* Problem requirements:
Before returning the data, strip out the pictures and keep everything else exactly the same.

* Information provided:

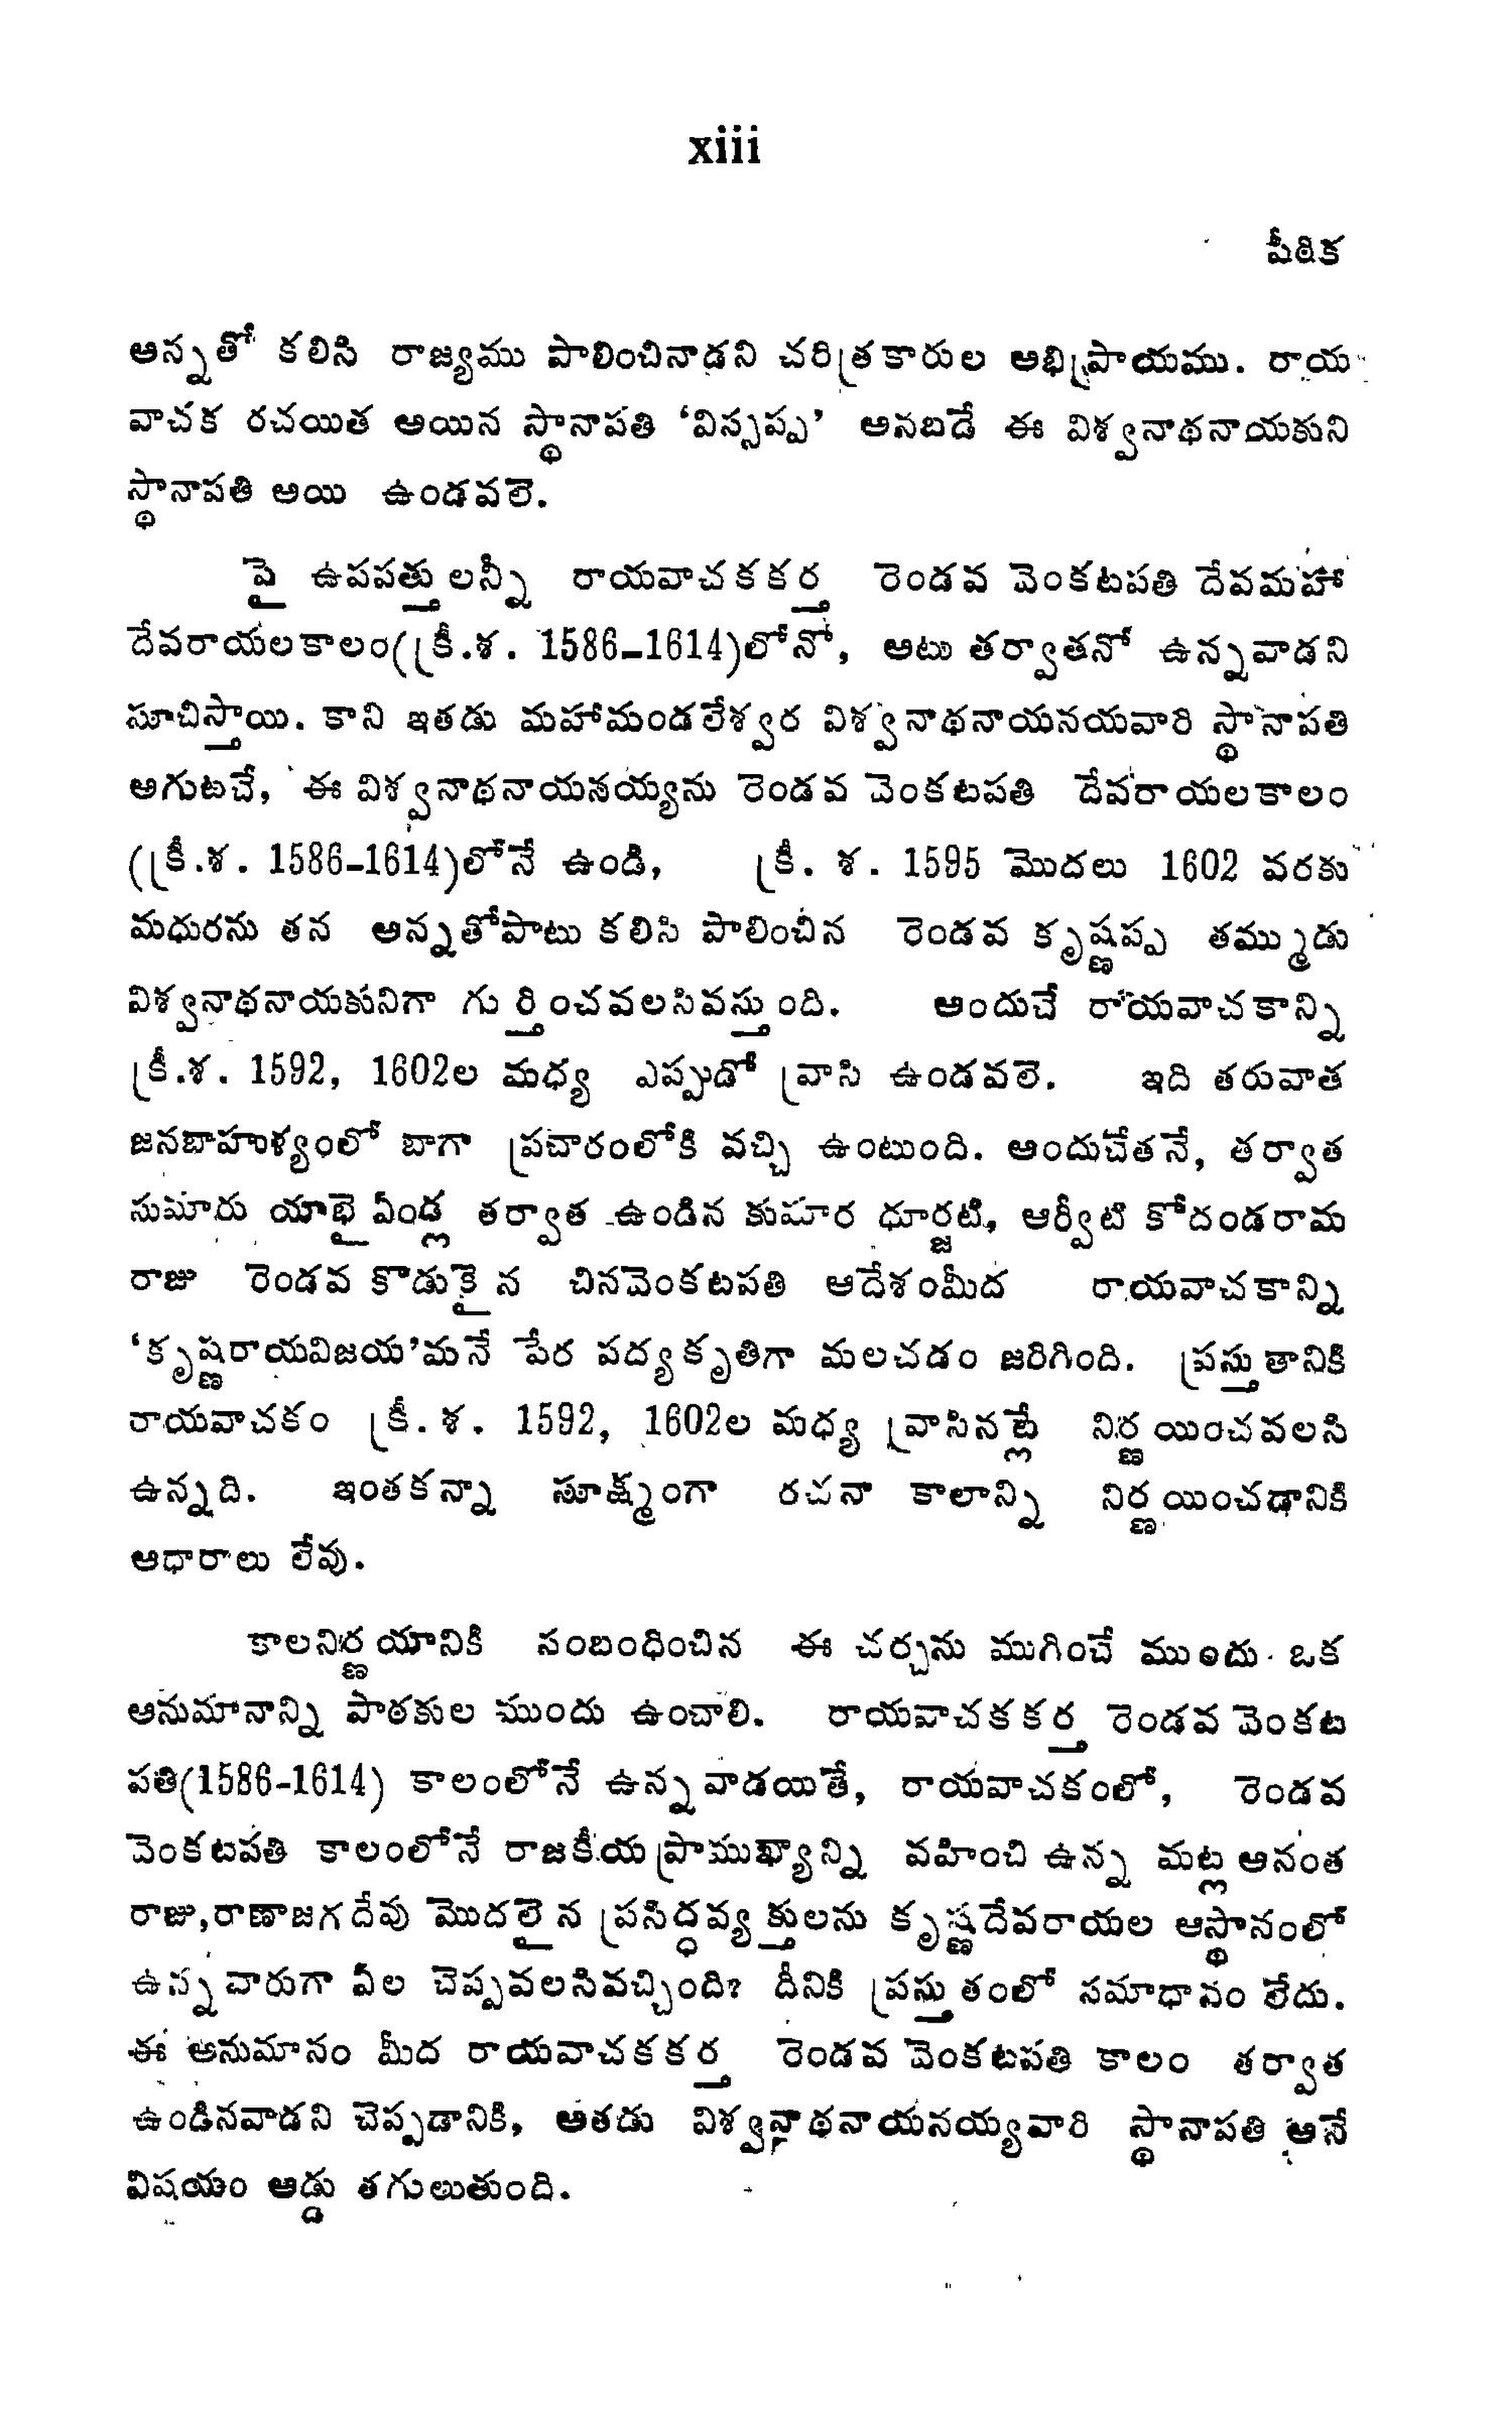అన్నతో కలిసి రాజ్యము పాలించినాడని చరిత్రకారుల అభిప్రాయము. రాయవాచక రచయిత అయిన స్థానాపతి 'విస్సప్ప' అనబడే ఈ విశ్వనాథనాయకుని స్థానాపతి అయి ఉండవలె.

పై ఉపపత్తులన్నీ రాయవాచకకర్త రెండవ వెంకటపతి దేవమహాదేవరాయలకాలం (క్రీ.శ. 1586-1614)లోనో, అటు తర్వాతనో ఉన్నవాడని సూచిస్తాయి. కాని ఇతడు మహామండలేశ్వర విశ్వనాథనాయనయవారి స్థానాపతి అగుటచే, ఈ విశ్వనాథనాయనయ్యను రెండవ వెంకటపతి దేవరాయలకాలం (క్రీ.శ. 1586-1614)లోనే ఉండి, క్రీ. శ. 1595 మొదలు 1602 వరకు మధురను తన అన్నతోపాటు కలిసి పాలించిన రెండవ కృష్ణప్ప తమ్ముడు విశ్వనాథనాయకునిగా గుర్తించవలసి వస్తుంది. అందుచే రాయవాచకాన్ని క్రీ.శ. 1592, 1602ల మధ్య ఎప్పుడో వ్రాసి ఉండవలె.ఇది తరువాత జనబాహుళ్యంలో బాగా ప్రచారంలోకి వచ్చి ఉంటుంది. అందుచేతనే సుమారు యాభై ఏండ్ల తర్వాత ఉండిన కుమార ధూర్జటి, ఆర్వీటి కోదండరామరాజు రెండవ కొడుకైన చినవెంకటపతి ఆదేశంమీద రాయవాచకాన్ని'కృష్ణరాయవిజయ'మనే పేర పద్యకృతిగా మలచడం జరిగింది. ప్రస్తుతానికి రాయవాచకం క్రీ.శ. 1592, 1602ల మధ్య వ్రాసినట్లే నిర్ణయించవలసి ఉన్నది. ఇంతకన్నా సూక్ష్మంగా రచనాకాలాన్ని నిర్ణయించడానికి ఆధారాలు లేవు.

కాలనిర్ణయానికి సంబంధించిన ఈ చర్చను ముగించే ముందు ఒక అనుమానాన్ని పాఠకులముందు ఉంచాలి. రాయవాచకకర్త రెండవ వెంకటపతి(1586-1614) కాలంలోనే ఉన్నవాడయితే, రాయవాచకంలో, రెండవ వెంకటపతి కాలంలోనే రాజకీయప్రాముఖ్యాన్ని వహించి ఉన్న మట్ల అనంతరాజు, రాణాజగదేవు మొదలైన ప్రసిద్ధవ్యక్తులను కృష్ణదేవరాయల ఆస్థానంలో ఉన్నవారుగా ఏల చెప్పవలసివచ్చింది? దీనికి ప్రస్తుతంలో సమాధానం లేదు. ఈ అనుమానంమీద రాయవాచకకర్త రెండవ వెంకటపతి కాలం తర్వాత ఉండినవాడని చెప్పడానికి, అతడు విశ్వనాథనాయనయ్యవారి స్థానాపతి అనే విషయం అడ్డు తగులుతుంది.

* Response:
అన్నతో కలిసి రాజ్యము పాలించినాడని చరిత్రకారుల అభిప్రాయము. రాయవాచక రచయిత అయిన స్థానాపతి 'విస్సప్ప' అనబడే ఈ విశ్వనాథనాయకుని స్థానాపతి అయి ఉండవలె.

పై ఉపపత్తులన్నీ రాయవాచకకర్త రెండవ వెంకటపతి దేవమహాదేవరాయలకాలం (క్రీ.శ. 1586-1614)లోనో, అటు తర్వాతనో ఉన్నవాడని సూచిస్తాయి. కాని ఇతడు మహామండలేశ్వర విశ్వనాథనాయనయవారి స్థానాపతి అగుటచే, ఈ విశ్వనాథనాయనయ్యను రెండవ వెంకటపతి దేవరాయలకాలం (క్రీ.శ. 1586-1614)లోనే ఉండి, క్రీ. శ. 1595 మొదలు 1602 వరకు మధురను తన అన్నతోపాటు కలిసి పాలించిన రెండవ కృష్ణప్ప తమ్ముడు విశ్వనాథనాయకునిగా గుర్తించవలసి వస్తుంది. అందుచే రాయవాచకాన్ని క్రీ.శ. 1592, 1602ల మధ్య ఎప్పుడో వ్రాసి ఉండవలె.ఇది తరువాత జనబాహుళ్యంలో బాగా ప్రచారంలోకి వచ్చి ఉంటుంది. అందుచేతనే సుమారు యాభై ఏండ్ల తర్వాత ఉండిన కుమార ధూర్జటి, ఆర్వీటి కోదండరామరాజు రెండవ కొడుకైన చినవెంకటపతి ఆదేశంమీద రాయవాచకాన్ని'కృష్ణరాయవిజయ'మనే పేర పద్యకృతిగా మలచడం జరిగింది. ప్రస్తుతానికి రాయవాచకం క్రీ.శ. 1592, 1602ల మధ్య వ్రాసినట్లే నిర్ణయించవలసి ఉన్నది. ఇంతకన్నా సూక్ష్మంగా రచనాకాలాన్ని నిర్ణయించడానికి ఆధారాలు లేవు.

కాలనిర్ణయానికి సంబంధించిన ఈ చర్చను ముగించే ముందు ఒక అనుమానాన్ని పాఠకులముందు ఉంచాలి. రాయవాచకకర్త రెండవ వెంకటపతి(1586-1614) కాలంలోనే ఉన్నవాడయితే, రాయవాచకంలో, రెండవ వెంకటపతి కాలంలోనే రాజకీయప్రాముఖ్యాన్ని వహించి ఉన్న మట్ల అనంతరాజు, రాణాజగదేవు మొదలైన ప్రసిద్ధవ్యక్తులను కృష్ణదేవరాయల ఆస్థానంలో ఉన్నవారుగా ఏల చెప్పవలసివచ్చింది? దీనికి ప్రస్తుతంలో సమాధానం లేదు. ఈ అనుమానంమీద రాయవాచకకర్త రెండవ వెంకటపతి కాలం తర్వాత ఉండినవాడని చెప్పడానికి, అతడు విశ్వనాథనాయనయ్యవారి స్థానాపతి అనే విషయం అడ్డు తగులుతుంది.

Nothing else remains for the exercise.